▸ What you will do
Down to the final line, print the records below exactly and without pictures.

▸ Records provided
━━━━━━━━━━

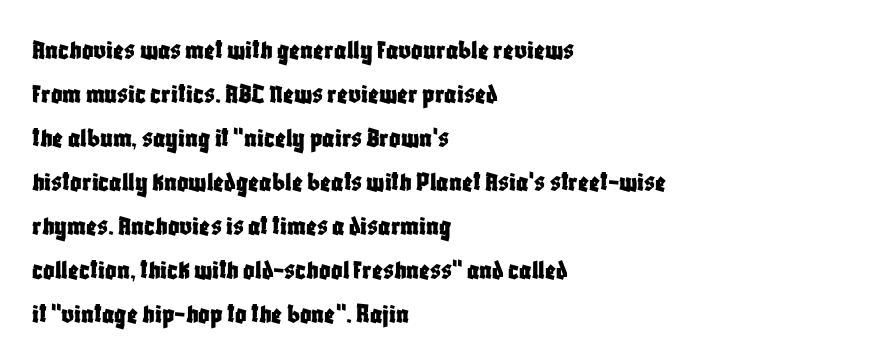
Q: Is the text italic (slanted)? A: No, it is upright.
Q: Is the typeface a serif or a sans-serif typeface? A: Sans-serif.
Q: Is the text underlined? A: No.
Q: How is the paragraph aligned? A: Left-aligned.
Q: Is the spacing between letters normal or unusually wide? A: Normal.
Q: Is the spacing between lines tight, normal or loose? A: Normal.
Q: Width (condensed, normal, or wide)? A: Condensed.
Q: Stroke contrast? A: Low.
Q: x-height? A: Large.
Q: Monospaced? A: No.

━━━━━━━━━━

▸ Exercise output
Q: Is the text italic (slanted)? A: No, it is upright.
Q: Is the typeface a serif or a sans-serif typeface? A: Sans-serif.
Q: Is the text underlined? A: No.
Q: How is the paragraph aligned? A: Left-aligned.
Q: Is the spacing between letters normal or unusually wide? A: Normal.
Q: Is the spacing between lines tight, normal or loose? A: Normal.
Q: Width (condensed, normal, or wide)? A: Condensed.
Q: Stroke contrast? A: Low.
Q: x-height? A: Large.
Q: Monospaced? A: No.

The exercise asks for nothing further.